** Opening Data block **

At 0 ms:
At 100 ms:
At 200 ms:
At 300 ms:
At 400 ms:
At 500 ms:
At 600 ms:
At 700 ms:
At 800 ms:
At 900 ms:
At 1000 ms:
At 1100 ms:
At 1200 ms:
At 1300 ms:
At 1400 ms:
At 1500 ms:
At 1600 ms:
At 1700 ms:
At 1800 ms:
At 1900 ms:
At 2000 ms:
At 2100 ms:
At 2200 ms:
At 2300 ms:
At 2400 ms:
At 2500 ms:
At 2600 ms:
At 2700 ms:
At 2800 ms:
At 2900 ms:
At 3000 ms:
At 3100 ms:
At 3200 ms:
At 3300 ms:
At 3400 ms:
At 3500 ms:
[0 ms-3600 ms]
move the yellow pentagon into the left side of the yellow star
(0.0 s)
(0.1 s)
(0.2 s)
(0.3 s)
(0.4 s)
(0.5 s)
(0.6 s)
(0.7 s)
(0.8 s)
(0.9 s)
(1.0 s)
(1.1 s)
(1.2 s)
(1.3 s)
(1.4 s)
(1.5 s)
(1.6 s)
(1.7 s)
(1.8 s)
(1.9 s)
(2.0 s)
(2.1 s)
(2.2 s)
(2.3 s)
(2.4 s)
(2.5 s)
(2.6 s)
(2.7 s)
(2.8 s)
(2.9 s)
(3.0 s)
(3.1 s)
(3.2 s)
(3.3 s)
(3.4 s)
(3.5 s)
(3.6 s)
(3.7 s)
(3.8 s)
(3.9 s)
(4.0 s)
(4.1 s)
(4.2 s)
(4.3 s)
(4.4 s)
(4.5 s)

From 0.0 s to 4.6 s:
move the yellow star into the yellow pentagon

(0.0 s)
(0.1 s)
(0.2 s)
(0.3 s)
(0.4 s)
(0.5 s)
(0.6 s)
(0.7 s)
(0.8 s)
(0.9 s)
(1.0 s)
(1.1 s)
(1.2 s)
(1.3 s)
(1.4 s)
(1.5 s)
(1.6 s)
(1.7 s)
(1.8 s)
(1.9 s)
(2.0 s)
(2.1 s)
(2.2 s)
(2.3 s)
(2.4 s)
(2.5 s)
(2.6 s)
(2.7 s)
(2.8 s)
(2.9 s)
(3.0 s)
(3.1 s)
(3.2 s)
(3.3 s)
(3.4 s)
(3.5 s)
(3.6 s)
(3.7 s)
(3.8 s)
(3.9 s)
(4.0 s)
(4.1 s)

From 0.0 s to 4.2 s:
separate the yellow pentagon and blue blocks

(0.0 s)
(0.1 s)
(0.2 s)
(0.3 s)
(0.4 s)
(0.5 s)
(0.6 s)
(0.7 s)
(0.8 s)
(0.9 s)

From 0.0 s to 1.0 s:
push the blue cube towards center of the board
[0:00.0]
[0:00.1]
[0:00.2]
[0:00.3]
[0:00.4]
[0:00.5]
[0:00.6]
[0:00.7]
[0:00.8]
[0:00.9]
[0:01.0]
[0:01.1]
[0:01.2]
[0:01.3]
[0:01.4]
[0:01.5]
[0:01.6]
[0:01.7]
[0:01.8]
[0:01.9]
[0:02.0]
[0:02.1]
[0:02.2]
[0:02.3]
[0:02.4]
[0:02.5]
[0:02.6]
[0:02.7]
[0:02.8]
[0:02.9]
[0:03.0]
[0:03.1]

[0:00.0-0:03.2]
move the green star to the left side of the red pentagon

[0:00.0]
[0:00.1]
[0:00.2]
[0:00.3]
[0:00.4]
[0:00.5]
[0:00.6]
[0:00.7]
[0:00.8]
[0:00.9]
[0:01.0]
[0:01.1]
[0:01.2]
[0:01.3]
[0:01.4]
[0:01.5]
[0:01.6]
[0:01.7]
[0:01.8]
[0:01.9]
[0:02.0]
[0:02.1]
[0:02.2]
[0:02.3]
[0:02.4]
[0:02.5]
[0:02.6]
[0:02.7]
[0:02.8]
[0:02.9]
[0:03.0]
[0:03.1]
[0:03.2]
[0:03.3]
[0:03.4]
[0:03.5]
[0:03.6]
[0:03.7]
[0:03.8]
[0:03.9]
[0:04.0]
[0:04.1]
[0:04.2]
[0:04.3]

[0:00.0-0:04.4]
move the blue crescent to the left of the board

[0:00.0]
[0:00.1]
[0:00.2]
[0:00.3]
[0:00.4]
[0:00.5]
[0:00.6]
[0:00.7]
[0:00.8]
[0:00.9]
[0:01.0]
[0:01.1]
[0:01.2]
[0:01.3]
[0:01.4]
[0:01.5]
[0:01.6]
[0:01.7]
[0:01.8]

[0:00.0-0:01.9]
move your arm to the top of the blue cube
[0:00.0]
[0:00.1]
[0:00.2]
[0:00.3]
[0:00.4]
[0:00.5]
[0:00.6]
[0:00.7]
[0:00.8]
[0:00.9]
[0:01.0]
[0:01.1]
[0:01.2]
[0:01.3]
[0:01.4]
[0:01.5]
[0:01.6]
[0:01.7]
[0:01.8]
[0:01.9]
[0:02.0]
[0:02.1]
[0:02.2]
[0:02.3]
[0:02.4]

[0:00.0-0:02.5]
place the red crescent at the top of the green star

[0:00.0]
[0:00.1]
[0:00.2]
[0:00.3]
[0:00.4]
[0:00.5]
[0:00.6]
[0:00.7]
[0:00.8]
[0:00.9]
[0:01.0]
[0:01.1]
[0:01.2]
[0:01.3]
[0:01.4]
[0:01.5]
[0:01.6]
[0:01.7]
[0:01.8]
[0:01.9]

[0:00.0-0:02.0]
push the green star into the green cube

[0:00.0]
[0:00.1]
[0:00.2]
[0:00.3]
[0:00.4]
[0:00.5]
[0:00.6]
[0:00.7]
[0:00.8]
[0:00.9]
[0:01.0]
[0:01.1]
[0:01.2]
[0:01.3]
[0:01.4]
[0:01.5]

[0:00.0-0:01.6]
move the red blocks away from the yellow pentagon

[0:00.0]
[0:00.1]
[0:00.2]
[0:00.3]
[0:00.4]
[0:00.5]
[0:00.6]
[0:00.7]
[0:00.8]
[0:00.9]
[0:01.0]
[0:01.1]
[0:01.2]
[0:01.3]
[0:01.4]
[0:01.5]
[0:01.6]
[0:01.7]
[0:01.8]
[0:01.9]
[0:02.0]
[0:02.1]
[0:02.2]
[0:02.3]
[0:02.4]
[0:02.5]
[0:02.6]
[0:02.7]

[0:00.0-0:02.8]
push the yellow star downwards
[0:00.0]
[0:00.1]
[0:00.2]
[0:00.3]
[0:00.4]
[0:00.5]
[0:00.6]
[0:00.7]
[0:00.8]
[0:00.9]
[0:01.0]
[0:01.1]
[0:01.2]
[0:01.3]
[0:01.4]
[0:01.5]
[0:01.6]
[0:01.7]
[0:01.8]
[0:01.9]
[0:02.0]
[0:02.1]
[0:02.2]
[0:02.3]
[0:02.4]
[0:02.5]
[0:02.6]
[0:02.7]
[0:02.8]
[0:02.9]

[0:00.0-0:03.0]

** Closing Data block **

Task item: Restate the records exactly. Leave nothing out.

Response to this task:
At 0 ms:
At 100 ms:
At 200 ms:
At 300 ms:
At 400 ms:
At 500 ms:
At 600 ms:
At 700 ms:
At 800 ms:
At 900 ms:
At 1000 ms:
At 1100 ms:
At 1200 ms:
At 1300 ms:
At 1400 ms:
At 1500 ms:
At 1600 ms:
At 1700 ms:
At 1800 ms:
At 1900 ms:
At 2000 ms:
At 2100 ms:
At 2200 ms:
At 2300 ms:
At 2400 ms:
At 2500 ms:
At 2600 ms:
At 2700 ms:
At 2800 ms:
At 2900 ms:
At 3000 ms:
At 3100 ms:
At 3200 ms:
At 3300 ms:
At 3400 ms:
At 3500 ms:
[0 ms-3600 ms]
move the yellow pentagon into the left side of the yellow star
(0.0 s)
(0.1 s)
(0.2 s)
(0.3 s)
(0.4 s)
(0.5 s)
(0.6 s)
(0.7 s)
(0.8 s)
(0.9 s)
(1.0 s)
(1.1 s)
(1.2 s)
(1.3 s)
(1.4 s)
(1.5 s)
(1.6 s)
(1.7 s)
(1.8 s)
(1.9 s)
(2.0 s)
(2.1 s)
(2.2 s)
(2.3 s)
(2.4 s)
(2.5 s)
(2.6 s)
(2.7 s)
(2.8 s)
(2.9 s)
(3.0 s)
(3.1 s)
(3.2 s)
(3.3 s)
(3.4 s)
(3.5 s)
(3.6 s)
(3.7 s)
(3.8 s)
(3.9 s)
(4.0 s)
(4.1 s)
(4.2 s)
(4.3 s)
(4.4 s)
(4.5 s)

From 0.0 s to 4.6 s:
move the yellow star into the yellow pentagon

(0.0 s)
(0.1 s)
(0.2 s)
(0.3 s)
(0.4 s)
(0.5 s)
(0.6 s)
(0.7 s)
(0.8 s)
(0.9 s)
(1.0 s)
(1.1 s)
(1.2 s)
(1.3 s)
(1.4 s)
(1.5 s)
(1.6 s)
(1.7 s)
(1.8 s)
(1.9 s)
(2.0 s)
(2.1 s)
(2.2 s)
(2.3 s)
(2.4 s)
(2.5 s)
(2.6 s)
(2.7 s)
(2.8 s)
(2.9 s)
(3.0 s)
(3.1 s)
(3.2 s)
(3.3 s)
(3.4 s)
(3.5 s)
(3.6 s)
(3.7 s)
(3.8 s)
(3.9 s)
(4.0 s)
(4.1 s)

From 0.0 s to 4.2 s:
separate the yellow pentagon and blue blocks

(0.0 s)
(0.1 s)
(0.2 s)
(0.3 s)
(0.4 s)
(0.5 s)
(0.6 s)
(0.7 s)
(0.8 s)
(0.9 s)

From 0.0 s to 1.0 s:
push the blue cube towards center of the board
[0:00.0]
[0:00.1]
[0:00.2]
[0:00.3]
[0:00.4]
[0:00.5]
[0:00.6]
[0:00.7]
[0:00.8]
[0:00.9]
[0:01.0]
[0:01.1]
[0:01.2]
[0:01.3]
[0:01.4]
[0:01.5]
[0:01.6]
[0:01.7]
[0:01.8]
[0:01.9]
[0:02.0]
[0:02.1]
[0:02.2]
[0:02.3]
[0:02.4]
[0:02.5]
[0:02.6]
[0:02.7]
[0:02.8]
[0:02.9]
[0:03.0]
[0:03.1]

[0:00.0-0:03.2]
move the green star to the left side of the red pentagon

[0:00.0]
[0:00.1]
[0:00.2]
[0:00.3]
[0:00.4]
[0:00.5]
[0:00.6]
[0:00.7]
[0:00.8]
[0:00.9]
[0:01.0]
[0:01.1]
[0:01.2]
[0:01.3]
[0:01.4]
[0:01.5]
[0:01.6]
[0:01.7]
[0:01.8]
[0:01.9]
[0:02.0]
[0:02.1]
[0:02.2]
[0:02.3]
[0:02.4]
[0:02.5]
[0:02.6]
[0:02.7]
[0:02.8]
[0:02.9]
[0:03.0]
[0:03.1]
[0:03.2]
[0:03.3]
[0:03.4]
[0:03.5]
[0:03.6]
[0:03.7]
[0:03.8]
[0:03.9]
[0:04.0]
[0:04.1]
[0:04.2]
[0:04.3]

[0:00.0-0:04.4]
move the blue crescent to the left of the board

[0:00.0]
[0:00.1]
[0:00.2]
[0:00.3]
[0:00.4]
[0:00.5]
[0:00.6]
[0:00.7]
[0:00.8]
[0:00.9]
[0:01.0]
[0:01.1]
[0:01.2]
[0:01.3]
[0:01.4]
[0:01.5]
[0:01.6]
[0:01.7]
[0:01.8]

[0:00.0-0:01.9]
move your arm to the top of the blue cube
[0:00.0]
[0:00.1]
[0:00.2]
[0:00.3]
[0:00.4]
[0:00.5]
[0:00.6]
[0:00.7]
[0:00.8]
[0:00.9]
[0:01.0]
[0:01.1]
[0:01.2]
[0:01.3]
[0:01.4]
[0:01.5]
[0:01.6]
[0:01.7]
[0:01.8]
[0:01.9]
[0:02.0]
[0:02.1]
[0:02.2]
[0:02.3]
[0:02.4]

[0:00.0-0:02.5]
place the red crescent at the top of the green star

[0:00.0]
[0:00.1]
[0:00.2]
[0:00.3]
[0:00.4]
[0:00.5]
[0:00.6]
[0:00.7]
[0:00.8]
[0:00.9]
[0:01.0]
[0:01.1]
[0:01.2]
[0:01.3]
[0:01.4]
[0:01.5]
[0:01.6]
[0:01.7]
[0:01.8]
[0:01.9]

[0:00.0-0:02.0]
push the green star into the green cube

[0:00.0]
[0:00.1]
[0:00.2]
[0:00.3]
[0:00.4]
[0:00.5]
[0:00.6]
[0:00.7]
[0:00.8]
[0:00.9]
[0:01.0]
[0:01.1]
[0:01.2]
[0:01.3]
[0:01.4]
[0:01.5]

[0:00.0-0:01.6]
move the red blocks away from the yellow pentagon

[0:00.0]
[0:00.1]
[0:00.2]
[0:00.3]
[0:00.4]
[0:00.5]
[0:00.6]
[0:00.7]
[0:00.8]
[0:00.9]
[0:01.0]
[0:01.1]
[0:01.2]
[0:01.3]
[0:01.4]
[0:01.5]
[0:01.6]
[0:01.7]
[0:01.8]
[0:01.9]
[0:02.0]
[0:02.1]
[0:02.2]
[0:02.3]
[0:02.4]
[0:02.5]
[0:02.6]
[0:02.7]

[0:00.0-0:02.8]
push the yellow star downwards
[0:00.0]
[0:00.1]
[0:00.2]
[0:00.3]
[0:00.4]
[0:00.5]
[0:00.6]
[0:00.7]
[0:00.8]
[0:00.9]
[0:01.0]
[0:01.1]
[0:01.2]
[0:01.3]
[0:01.4]
[0:01.5]
[0:01.6]
[0:01.7]
[0:01.8]
[0:01.9]
[0:02.0]
[0:02.1]
[0:02.2]
[0:02.3]
[0:02.4]
[0:02.5]
[0:02.6]
[0:02.7]
[0:02.8]
[0:02.9]

[0:00.0-0:03.0]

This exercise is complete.